Moore's Law and printers
Unlike a conventional printer head, the Memjet printer heads span the width of the page, each measuring 22-mm across by 0.72 mm. Taiwan Semiconductor Manufacturing Co. (TSMC), the foundry responsible for many of today's PC graphics and communication chips, will manufacture the heads, while IBM is fabricating the driver chip, Beswick said. The printer chips themselves are made up of tiny micromachined nozzles, each capable of squirting a picoliter-sized drop of ink at 20,000 times per second, or 20 KHz.
The ink used is dye-based, although a pigment-based ink is being developed in conjunction for the A4 printer launch next year, McGlynn said. Ink clogging , always the problem with inkjets, is minimized by the design of the chip; McGlynn said the ink tends to retreat inside the print nozzle, minimizing clogging.
"It's the Achilles heel of all inkjet printers," McGlynn said. "If you don't get that right, you're done for."

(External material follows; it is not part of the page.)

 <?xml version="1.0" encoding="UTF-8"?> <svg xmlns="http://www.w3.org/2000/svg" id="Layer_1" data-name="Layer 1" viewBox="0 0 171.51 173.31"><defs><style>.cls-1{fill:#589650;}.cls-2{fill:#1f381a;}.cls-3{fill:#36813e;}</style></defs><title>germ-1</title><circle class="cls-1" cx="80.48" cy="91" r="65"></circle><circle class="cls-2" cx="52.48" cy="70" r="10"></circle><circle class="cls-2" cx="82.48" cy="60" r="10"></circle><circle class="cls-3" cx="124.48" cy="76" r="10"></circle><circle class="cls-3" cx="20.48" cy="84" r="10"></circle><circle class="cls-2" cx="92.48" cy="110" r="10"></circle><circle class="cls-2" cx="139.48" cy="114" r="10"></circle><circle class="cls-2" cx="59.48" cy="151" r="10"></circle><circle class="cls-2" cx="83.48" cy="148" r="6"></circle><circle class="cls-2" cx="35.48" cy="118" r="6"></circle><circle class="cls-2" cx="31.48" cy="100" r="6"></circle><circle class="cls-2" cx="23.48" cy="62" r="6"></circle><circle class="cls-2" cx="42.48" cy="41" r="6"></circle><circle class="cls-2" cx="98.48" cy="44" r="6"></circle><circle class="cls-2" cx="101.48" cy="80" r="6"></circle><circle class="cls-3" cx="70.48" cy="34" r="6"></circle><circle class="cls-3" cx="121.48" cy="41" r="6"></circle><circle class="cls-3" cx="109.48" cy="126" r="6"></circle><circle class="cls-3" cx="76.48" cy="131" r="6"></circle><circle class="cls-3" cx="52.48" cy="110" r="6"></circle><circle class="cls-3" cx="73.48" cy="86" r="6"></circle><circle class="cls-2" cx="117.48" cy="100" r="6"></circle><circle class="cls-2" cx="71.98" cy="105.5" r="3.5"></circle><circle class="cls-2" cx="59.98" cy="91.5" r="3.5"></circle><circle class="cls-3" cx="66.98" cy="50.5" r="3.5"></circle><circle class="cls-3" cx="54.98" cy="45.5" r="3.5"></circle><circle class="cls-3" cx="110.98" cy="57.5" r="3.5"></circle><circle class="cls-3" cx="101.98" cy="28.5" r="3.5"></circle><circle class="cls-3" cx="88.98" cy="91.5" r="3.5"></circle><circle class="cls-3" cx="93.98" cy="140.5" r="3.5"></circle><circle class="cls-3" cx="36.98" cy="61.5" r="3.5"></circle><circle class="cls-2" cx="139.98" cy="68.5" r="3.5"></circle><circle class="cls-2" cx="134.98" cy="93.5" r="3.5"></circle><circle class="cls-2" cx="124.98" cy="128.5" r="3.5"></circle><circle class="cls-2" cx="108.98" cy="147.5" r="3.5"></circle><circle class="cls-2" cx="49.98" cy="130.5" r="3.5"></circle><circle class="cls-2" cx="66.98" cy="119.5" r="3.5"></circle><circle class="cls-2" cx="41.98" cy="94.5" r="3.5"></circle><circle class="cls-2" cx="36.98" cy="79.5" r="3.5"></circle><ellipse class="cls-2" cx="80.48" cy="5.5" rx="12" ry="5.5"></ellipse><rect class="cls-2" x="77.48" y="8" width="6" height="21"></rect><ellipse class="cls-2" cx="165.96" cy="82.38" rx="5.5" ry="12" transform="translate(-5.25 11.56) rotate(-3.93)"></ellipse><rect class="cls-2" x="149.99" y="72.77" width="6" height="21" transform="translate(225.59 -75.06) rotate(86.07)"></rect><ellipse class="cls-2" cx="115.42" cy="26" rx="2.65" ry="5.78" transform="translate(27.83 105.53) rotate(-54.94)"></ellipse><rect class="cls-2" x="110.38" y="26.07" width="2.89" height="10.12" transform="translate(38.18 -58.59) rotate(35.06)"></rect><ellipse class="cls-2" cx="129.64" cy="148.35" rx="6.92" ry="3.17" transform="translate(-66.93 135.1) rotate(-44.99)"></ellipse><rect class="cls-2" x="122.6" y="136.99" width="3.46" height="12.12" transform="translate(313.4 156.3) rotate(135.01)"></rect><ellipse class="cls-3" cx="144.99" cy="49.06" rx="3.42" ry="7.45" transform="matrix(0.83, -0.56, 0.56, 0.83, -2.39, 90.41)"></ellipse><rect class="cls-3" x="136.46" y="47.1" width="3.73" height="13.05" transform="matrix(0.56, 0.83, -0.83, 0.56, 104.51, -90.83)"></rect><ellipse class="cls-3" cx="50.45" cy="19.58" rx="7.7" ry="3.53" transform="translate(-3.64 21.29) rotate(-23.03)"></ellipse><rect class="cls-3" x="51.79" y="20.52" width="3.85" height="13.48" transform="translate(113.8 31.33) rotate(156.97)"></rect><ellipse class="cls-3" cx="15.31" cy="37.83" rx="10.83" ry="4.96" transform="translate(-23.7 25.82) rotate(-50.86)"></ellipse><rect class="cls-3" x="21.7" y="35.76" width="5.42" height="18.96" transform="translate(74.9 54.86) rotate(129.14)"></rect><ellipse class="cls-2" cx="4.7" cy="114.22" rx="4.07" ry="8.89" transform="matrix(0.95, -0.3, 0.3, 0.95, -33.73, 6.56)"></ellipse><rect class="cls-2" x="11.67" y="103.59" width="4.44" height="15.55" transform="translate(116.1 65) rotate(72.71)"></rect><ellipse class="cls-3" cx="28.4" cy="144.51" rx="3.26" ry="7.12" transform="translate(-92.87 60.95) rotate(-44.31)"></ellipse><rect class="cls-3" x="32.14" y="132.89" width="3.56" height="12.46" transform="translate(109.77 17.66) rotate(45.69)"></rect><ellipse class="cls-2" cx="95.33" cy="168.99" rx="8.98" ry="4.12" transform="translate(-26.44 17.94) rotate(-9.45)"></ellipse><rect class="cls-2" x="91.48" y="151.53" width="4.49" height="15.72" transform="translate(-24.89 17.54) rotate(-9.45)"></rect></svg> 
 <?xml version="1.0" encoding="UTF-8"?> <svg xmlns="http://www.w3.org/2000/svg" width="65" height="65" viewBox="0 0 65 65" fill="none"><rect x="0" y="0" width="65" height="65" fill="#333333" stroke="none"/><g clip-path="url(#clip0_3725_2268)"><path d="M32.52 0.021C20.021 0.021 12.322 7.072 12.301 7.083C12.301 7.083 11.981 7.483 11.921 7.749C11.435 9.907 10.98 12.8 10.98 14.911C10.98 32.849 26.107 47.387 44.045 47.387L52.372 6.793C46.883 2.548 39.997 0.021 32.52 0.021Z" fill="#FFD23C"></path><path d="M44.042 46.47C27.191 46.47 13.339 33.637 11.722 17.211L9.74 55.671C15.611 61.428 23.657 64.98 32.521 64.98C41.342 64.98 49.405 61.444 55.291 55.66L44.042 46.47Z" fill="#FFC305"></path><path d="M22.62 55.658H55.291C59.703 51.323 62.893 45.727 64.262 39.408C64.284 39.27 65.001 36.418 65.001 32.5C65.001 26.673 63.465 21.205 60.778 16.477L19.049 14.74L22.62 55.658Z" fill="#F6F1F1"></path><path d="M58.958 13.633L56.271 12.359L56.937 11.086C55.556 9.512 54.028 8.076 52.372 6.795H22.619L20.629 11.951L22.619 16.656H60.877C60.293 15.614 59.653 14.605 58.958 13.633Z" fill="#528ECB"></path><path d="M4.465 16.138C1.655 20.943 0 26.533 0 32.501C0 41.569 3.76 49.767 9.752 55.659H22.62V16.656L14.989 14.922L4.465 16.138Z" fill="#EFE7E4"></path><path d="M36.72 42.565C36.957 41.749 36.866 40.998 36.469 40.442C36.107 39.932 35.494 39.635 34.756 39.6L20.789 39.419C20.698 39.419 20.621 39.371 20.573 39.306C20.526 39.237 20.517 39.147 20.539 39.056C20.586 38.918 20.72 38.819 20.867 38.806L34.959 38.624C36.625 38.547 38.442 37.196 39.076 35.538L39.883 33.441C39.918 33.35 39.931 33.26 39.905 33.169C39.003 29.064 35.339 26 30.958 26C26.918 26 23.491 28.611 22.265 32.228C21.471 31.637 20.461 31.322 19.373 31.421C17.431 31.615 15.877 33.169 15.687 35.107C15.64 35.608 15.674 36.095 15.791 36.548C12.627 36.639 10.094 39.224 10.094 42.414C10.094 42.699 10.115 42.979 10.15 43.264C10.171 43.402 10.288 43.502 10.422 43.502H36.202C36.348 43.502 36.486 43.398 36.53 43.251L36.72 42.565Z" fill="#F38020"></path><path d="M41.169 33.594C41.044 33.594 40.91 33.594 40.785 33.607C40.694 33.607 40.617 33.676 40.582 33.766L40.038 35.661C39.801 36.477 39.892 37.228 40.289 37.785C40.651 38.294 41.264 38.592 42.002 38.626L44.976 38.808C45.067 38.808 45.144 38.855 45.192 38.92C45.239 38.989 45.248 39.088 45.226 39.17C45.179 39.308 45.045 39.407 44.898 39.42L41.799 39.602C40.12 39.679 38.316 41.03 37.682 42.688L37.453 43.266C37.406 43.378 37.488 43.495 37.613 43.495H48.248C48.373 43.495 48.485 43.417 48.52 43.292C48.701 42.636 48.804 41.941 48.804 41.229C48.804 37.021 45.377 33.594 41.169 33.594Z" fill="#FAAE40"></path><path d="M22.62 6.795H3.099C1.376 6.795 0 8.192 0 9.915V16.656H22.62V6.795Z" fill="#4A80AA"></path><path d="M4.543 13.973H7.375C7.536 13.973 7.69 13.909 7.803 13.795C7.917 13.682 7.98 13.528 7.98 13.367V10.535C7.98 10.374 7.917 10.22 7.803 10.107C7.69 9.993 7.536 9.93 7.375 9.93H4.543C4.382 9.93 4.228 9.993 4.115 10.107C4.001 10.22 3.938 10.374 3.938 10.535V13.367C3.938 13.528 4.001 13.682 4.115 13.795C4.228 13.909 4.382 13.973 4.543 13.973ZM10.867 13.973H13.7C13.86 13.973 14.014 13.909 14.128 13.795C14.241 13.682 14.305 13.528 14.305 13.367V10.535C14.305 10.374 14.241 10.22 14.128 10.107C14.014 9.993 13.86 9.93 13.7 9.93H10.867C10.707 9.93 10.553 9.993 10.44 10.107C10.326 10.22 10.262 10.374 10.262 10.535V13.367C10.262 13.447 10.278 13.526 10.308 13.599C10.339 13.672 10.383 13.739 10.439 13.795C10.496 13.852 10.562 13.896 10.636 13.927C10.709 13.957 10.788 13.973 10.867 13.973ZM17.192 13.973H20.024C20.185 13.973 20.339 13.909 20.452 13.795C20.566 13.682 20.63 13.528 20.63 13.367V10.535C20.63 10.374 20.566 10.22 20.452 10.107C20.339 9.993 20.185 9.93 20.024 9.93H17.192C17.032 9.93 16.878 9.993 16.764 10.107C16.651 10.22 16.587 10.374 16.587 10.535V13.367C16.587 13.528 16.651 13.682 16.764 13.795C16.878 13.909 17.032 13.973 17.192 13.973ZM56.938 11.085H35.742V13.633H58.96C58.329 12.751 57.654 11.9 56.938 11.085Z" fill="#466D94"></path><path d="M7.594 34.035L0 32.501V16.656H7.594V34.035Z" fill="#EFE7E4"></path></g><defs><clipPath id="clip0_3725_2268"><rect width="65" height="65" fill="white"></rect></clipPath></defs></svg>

Conventional inkjet heads are sometime sprayed with a solvent, or the ink itself is used to loosen the clog. Memjet executives would not disclose exactly how their printer technology unclogs the head, although the process takes only about two seconds, Beswick said. Exactly how often the head will need to be cleaned is still being tested, she said.
In semiconductors, the key to improving the technology is the continual die shrinks that allow microprocessors and other components to offer faster speeds or else lower power. The Memjet technology depends on something else: the rate at which the ink can be squirted through the micronozzles.
And Memjet executives said they're already thinking about the future. "This is not a one-trick pony," McGlynn said.
The Memjet heads cycle at 20 KHz, enough to produce the 60 pages per minute on the A4 printer. "But that's not that fast," McGlynn said.
Other inkjets cycle at 24 KHz. Memjet's plan is to develop a 120-KHz cycle head in two to three years, increasing the print speed sixfold to180 pager per minute at photo quality, 360 pages per minute at normal color quality, and 720 pages per minute in draft mode.
Another thing the company could do is add more rows of nozzles. Already, the company uses 10: two each for the CMYK (Cyan, Magenta, Yellow, Black) inks, plus an additional back-ink nozzle. There's no reason why a customer couldn't "stack" the nozzles in four or five series of rows, placing more rows of inks on the paper and speeding up the process even further. One of Memjet's customers are talking about placing heads on the front and back, doubling the Memjet effective output by printing in duplex mode, Beswick said. Another is considering a black-and white office printer, she added.
And then there's the medium: yet another Memjet project is to allow the printers to connect digitally to a network, and print on newsprint and on the stock paper magazines use. The 64,000-page-per-minute commercial printer is also a planned project.
"By the time the current inkjet vendors figure out their design to work against us, we'll be six times faster and a lot more flexible," McGlynn said.